From nobody@FreeBSD.org  Mon Jan 22 06:35:31 2007
Return-Path: <nobody@FreeBSD.org>
Received: from mx1.freebsd.org (mx1.freebsd.org [69.147.83.52])
	by hub.freebsd.org (Postfix) with ESMTP id 0CE9616A400
	for <freebsd-gnats-submit@FreeBSD.org>; Mon, 22 Jan 2007 06:35:31 +0000 (UTC)
	(envelope-from nobody@FreeBSD.org)
Received: from www.freebsd.org (www.freebsd.org [69.147.83.33])
	by mx1.freebsd.org (Postfix) with ESMTP id F1D7513C45A
	for <freebsd-gnats-submit@FreeBSD.org>; Mon, 22 Jan 2007 06:35:30 +0000 (UTC)
	(envelope-from nobody@FreeBSD.org)
Received: from www.freebsd.org (localhost [127.0.0.1])

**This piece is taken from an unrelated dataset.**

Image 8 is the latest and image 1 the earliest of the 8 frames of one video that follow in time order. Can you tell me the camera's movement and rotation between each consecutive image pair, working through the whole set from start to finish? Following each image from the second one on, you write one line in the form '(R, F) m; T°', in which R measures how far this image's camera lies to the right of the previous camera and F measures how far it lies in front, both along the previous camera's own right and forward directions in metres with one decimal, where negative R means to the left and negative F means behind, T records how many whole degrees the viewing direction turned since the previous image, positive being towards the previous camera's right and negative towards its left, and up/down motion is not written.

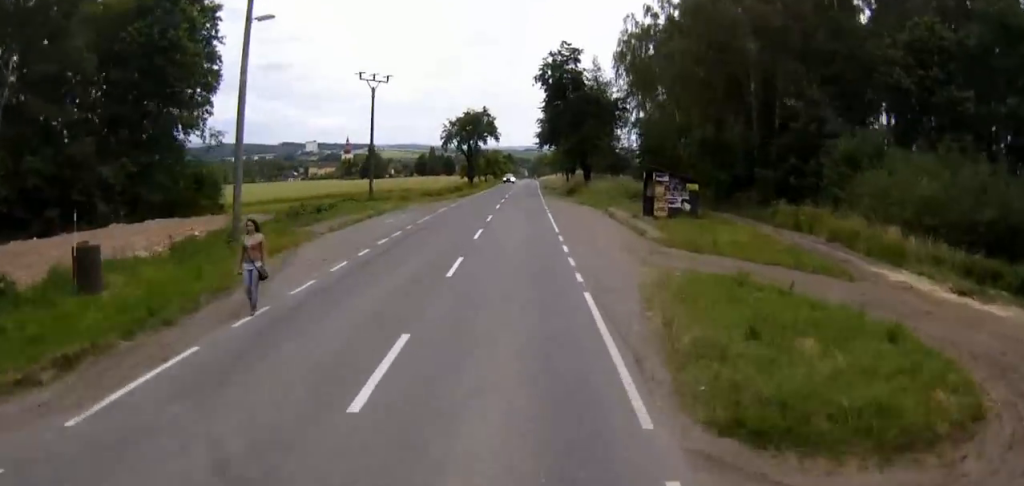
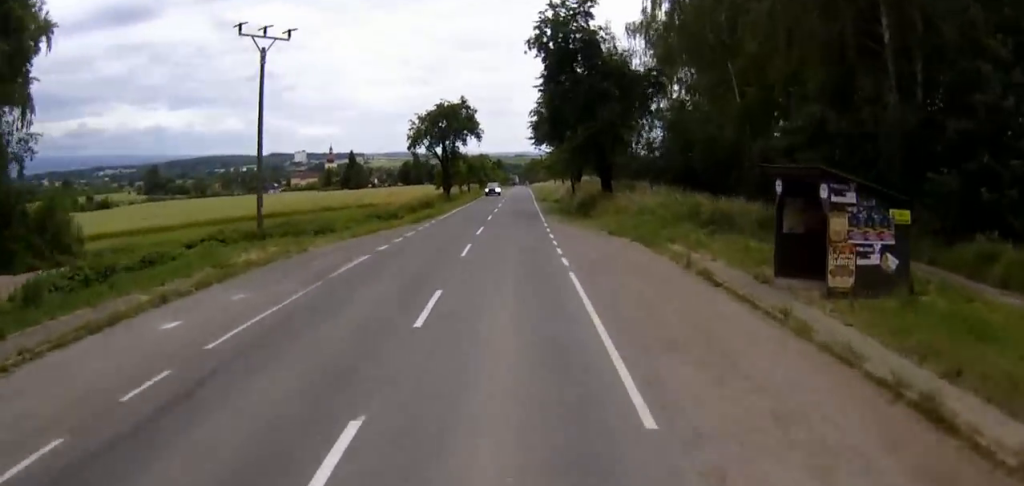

	by www.freebsd.org (8.13.1/8.13.1) with ESMTP id l0M6ZUoM001699
	for <freebsd-gnats-submit@FreeBSD.org>; Mon, 22 Jan 2007 06:35:30 GMT
	(envelope-from nobody@www.freebsd.org)
Received: (from nobody@localhost)
	by www.freebsd.org (8.13.1/8.13.1/Submit) id l0M6ZUZC001698;
	Mon, 22 Jan 2007 06:35:30 GMT
	(envelope-from nobody)
Message-Id: <200701220635.l0M6ZUZC001698@www.freebsd.org>
Date: Mon, 22 Jan 2007 06:35:30 GMT
From: Craig Rodrigues<rodrigc@crodrigues.org>
To: freebsd-gnats-submit@FreeBSD.org
Subject: MOKB testcase for kqueue can cause kernel panic
X-Send-Pr-Version: www-3.0

>Number:         108201
>Category:       kern
>Synopsis:       [kqueue] MOKB testcase for kqueue can cause kernel panic
>Confidential:   no
>Severity:       serious
>Priority:       medium
>Responsible:    kib
>State:          closed
>Quarter:        
>Keywords:       
>Date-Required:  
>Class:          sw-bug
>Submitter-Id:   current-users
>Arrival-Date:   Mon Jan 22 06:40:17 GMT 2007
>Closed-Date:    Thu Jul 24 13:48:40 UTC 2008
>Last-Modified:  Thu Jul 24 13:48:40 UTC 2008
>Originator:     Craig Rodrigues
>Release:        CURRENT
>Organization:
>Environment:
FreeBSD 7.0-CURRENT FreeBSD 7.0-CURRENT #35: Sun Jan 21 23:32:23 EST 2007
>Description:
The attached testcase from "Month of Kernel Bugs"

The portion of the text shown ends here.